Les traitements chirurgicaux de l’incontinence urinaire peuvent être utilisés chez la personne âgée dont l’état général le permet. Il faut cependant garder à l’esprit que leurs résultats dépendent grandement de la qualité des tissus (bien souvent affectée par le vieillissement). Là encore, on procédera au cas par cas, en pesant le rapport bénéfice-risque de l’intervention. Outre les interventions spécifiques liées à la prise en charge de pathologies déclenchantes (prolapsus chez la femme, hypertrophie bénigne de la prostate chez l’homme), les traitements chirurgicaux sont, a priori, les mêmes que pour l’adulte jeune.

La chirurgie dans l’hyperactivité vésicale :
Pour remédier à une pollakiurie ou à l’hyperactivité vésicale et à la dysynergie vésicosphinctérienne observées dans certaines lésions médullaires ou maladies nerveuses, on peut parfois intervenir de deux façons :
- par l’injection de toxine botulique,
- en implantant un neuromodulateur qui permet de corriger certains troubles liés à l’hyperactivité vésicale et à l’incontinence fécale, c’est-à-dire …
- l’urgence (besoin soudain et impérieux) qui raccourcit le délai de sécurité séparant l’envie de la fuite ou de la perte involontaire des selles ;
- la présence de pertes incontrôlées lors d’un besoin urgent ;
- l’augmentation de la fréquence des mictions dans le cadre de l’incontinence urinaire.

La chirurgie dans l’incontinence urinaire d’effort :
Elle est envisagée lorsque la rééducation a échoué, quand l’état général du patient le permet et dans le respect des indications (incontinence urinaire d’effort et hypermobilité urétrale).

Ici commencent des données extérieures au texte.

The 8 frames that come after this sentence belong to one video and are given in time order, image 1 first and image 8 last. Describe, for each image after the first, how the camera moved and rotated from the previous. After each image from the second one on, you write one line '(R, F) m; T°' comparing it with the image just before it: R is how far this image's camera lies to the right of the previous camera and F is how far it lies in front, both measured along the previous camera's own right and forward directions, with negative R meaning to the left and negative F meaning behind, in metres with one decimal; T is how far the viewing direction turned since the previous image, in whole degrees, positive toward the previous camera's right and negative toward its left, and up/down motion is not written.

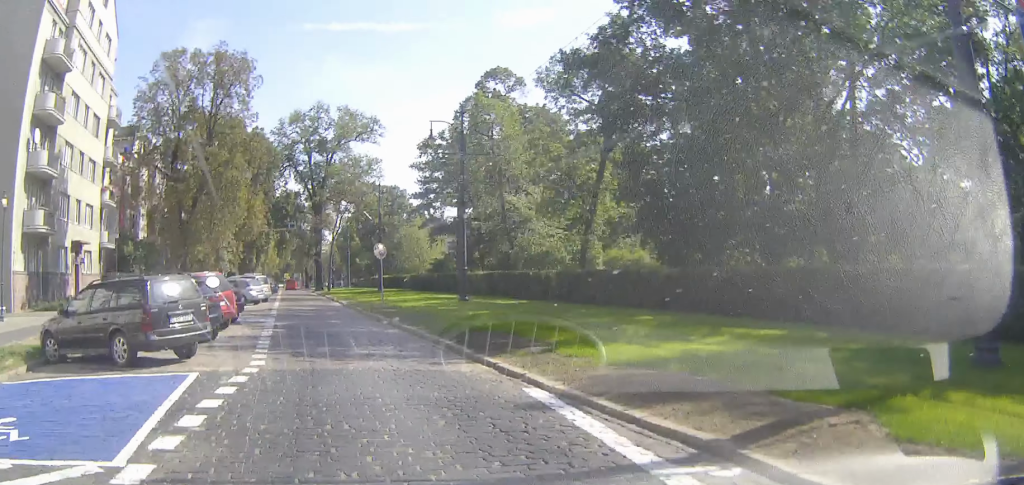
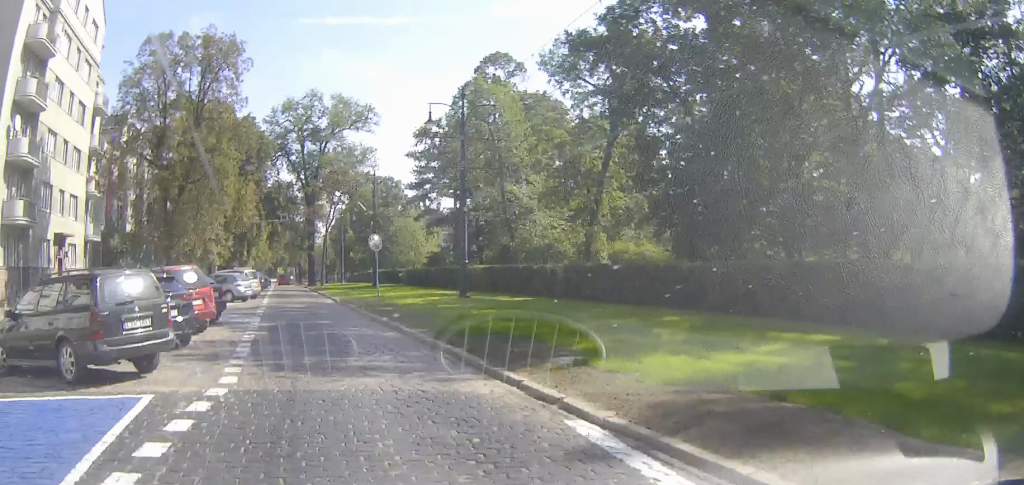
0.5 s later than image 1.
(0.0, +2.2) m; 0°
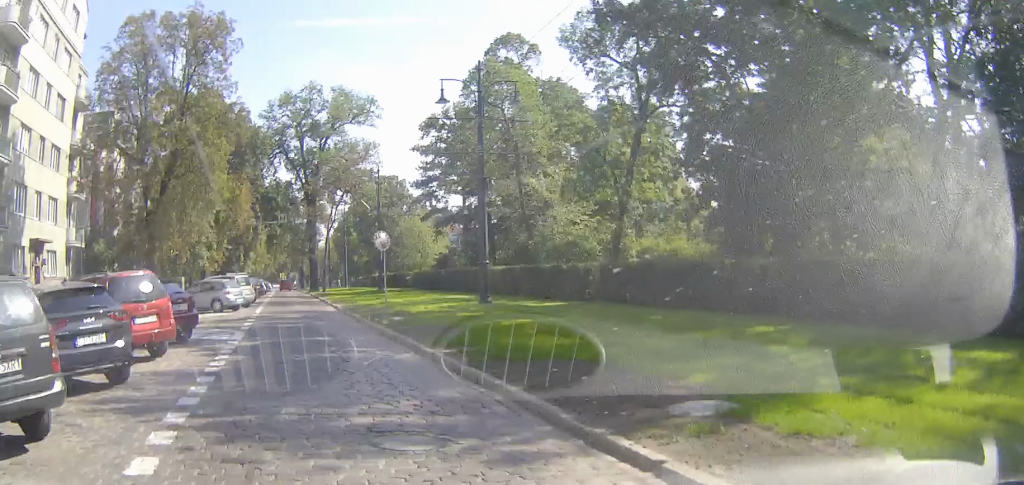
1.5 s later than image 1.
(0.0, +4.3) m; 0°
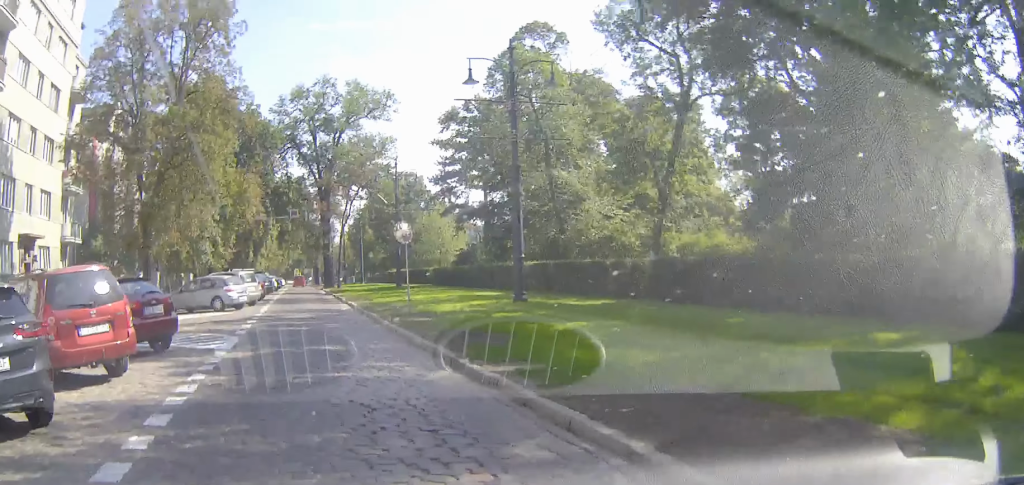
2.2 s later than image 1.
(0.0, +3.4) m; -1°
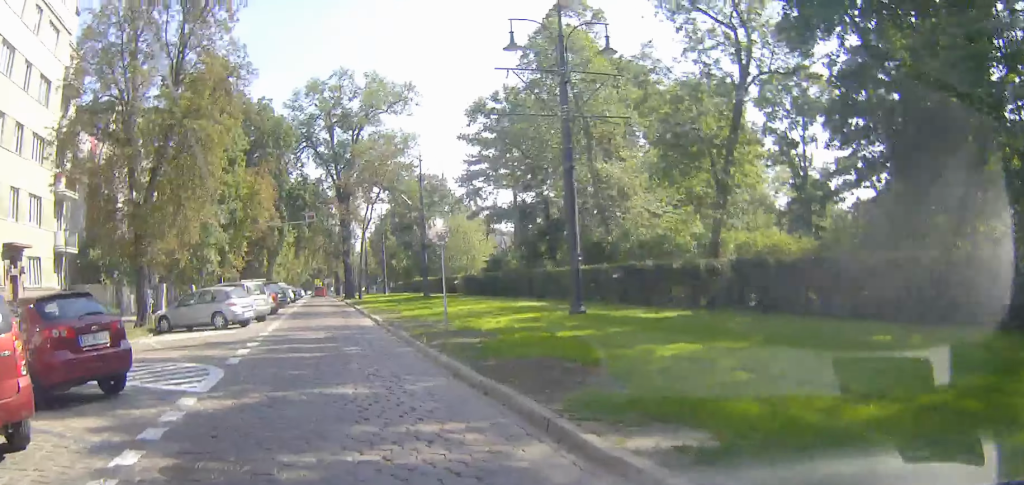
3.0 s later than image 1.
(-0.1, +4.1) m; -1°
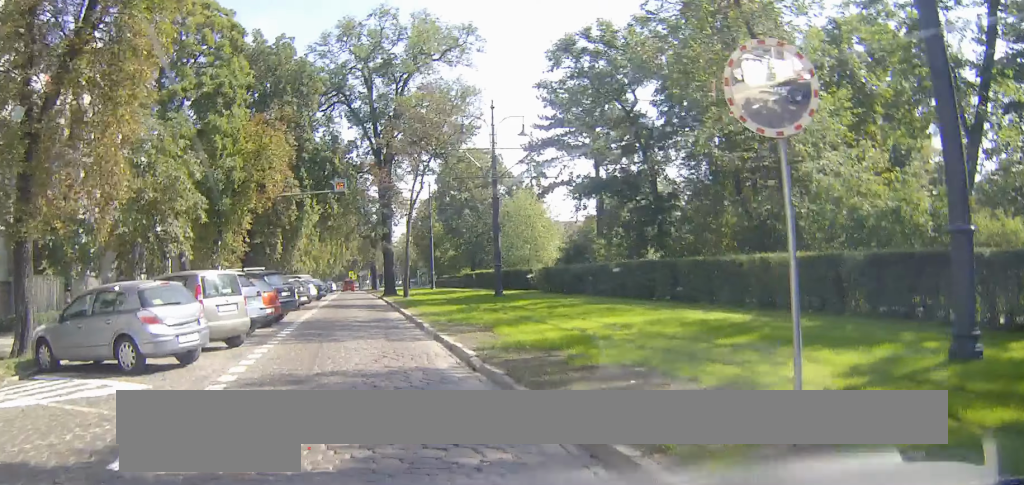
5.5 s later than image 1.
(-0.2, +14.2) m; -2°
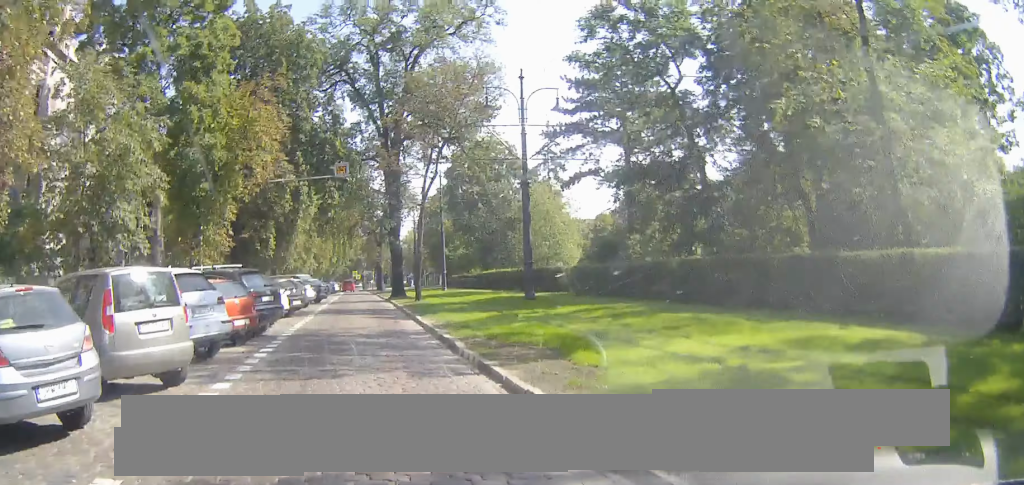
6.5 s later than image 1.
(-0.1, +6.0) m; -1°
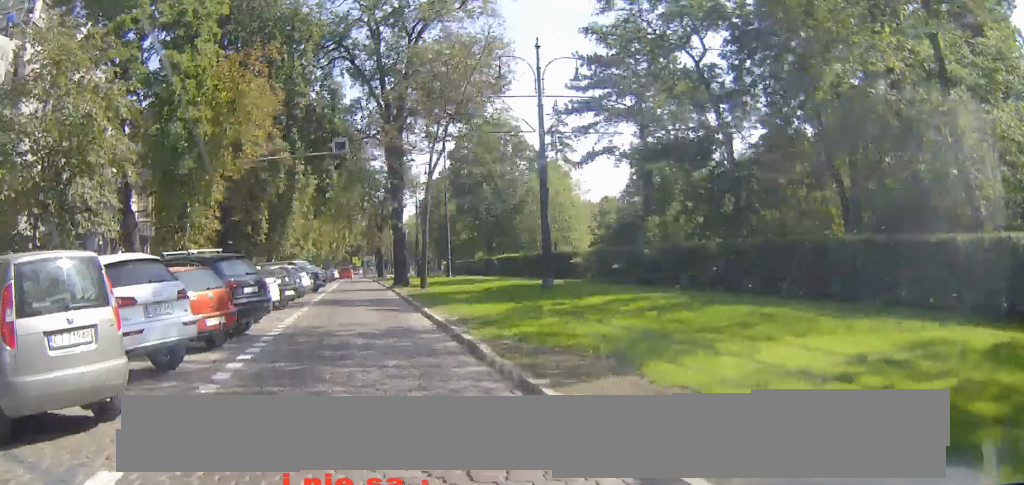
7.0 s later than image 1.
(0.0, +2.9) m; 0°

Le traitement repose sur la mise en place de bandelettes sous-urétrales.
La bandelette sans tension fonctionne comme un support de l’urètre pendant l’effort, empêchant ainsi le relâchement à l’origine de la fuite urinaire. Son implantation chirurgicale est mini-invasive et comporte peu de complications opératoires et postopératoires.

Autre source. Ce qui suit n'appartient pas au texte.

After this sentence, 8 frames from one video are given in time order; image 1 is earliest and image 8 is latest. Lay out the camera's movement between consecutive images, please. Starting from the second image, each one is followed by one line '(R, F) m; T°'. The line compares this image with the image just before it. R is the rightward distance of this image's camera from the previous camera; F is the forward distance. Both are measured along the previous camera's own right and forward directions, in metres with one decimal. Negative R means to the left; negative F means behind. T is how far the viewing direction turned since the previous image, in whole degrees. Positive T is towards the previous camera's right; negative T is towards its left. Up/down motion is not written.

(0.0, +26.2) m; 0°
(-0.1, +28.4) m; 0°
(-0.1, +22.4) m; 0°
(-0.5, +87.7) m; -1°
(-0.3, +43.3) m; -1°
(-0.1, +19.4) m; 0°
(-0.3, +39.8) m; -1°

Les autres traitements chirurgicaux :

Les ballons ajustables : Les ballons ajustables ont pour objectif de comprimer l’urètre dans la région péricervicale (autour du col de la vessie).
Ils pourraient être proposés : aux femmes souffrant d’incontinence urinaire à l’effort, lorsque les traitements de première ligne ont échoué ; aux hommes qui souffrent d’une incontinence urinaire persistante consécutive à une prostatectomie.

L’intervention mini-invasive se déroule sous anesthésie locale. Les ballons ajustables sont mis en place par voie périnéale ou vaginale. En fonction du degré de continence du patient, la taille du ballon est ajustable, par une ponction percutanée d'un ou de deux des ports implantables. Lire l’avis de la HAS

Les sphincters artificiels :
Le sphincter urinaire artificiel (SUA) est proposé en cas d’incontinence urinaire sévère d’origine sphinctérienne, notamment : aux femmes avec une incontinence urinaire d’effort (IUE) sévère, par insuffisance sphinctérienne majeure ; aux hommes ayant une incontinence sévère par insuffisance sphinctérienne consécutive à une intervention chirurgicale prostatique. L’intervention n’est pratiquée qu’en dernier recours, en cas d’échec de la rééducation ou d’autres alternatives thérapeutiques. Elle se déroule sous anesthésie générale. Le principe du SUA consiste à remplacer les fonctions déficientes d’ouverture et de fermeture du sphincter.

Les palliatifs

Couches, étuis péniens (pour les hommes), voire sonde, il convient de ne les utiliser qu’en dernier recours car ils sont un facteur d’incontinence et retentissent sur la qualité de vie, notamment en favorisant le renoncement à la continence et l’évolution vers la dépendance. Les étuis péniens (collecteurs d’urine réalisés sur mesure) sont à privilégier chez l’homme. Les sondes doivent être évitées autant que possible.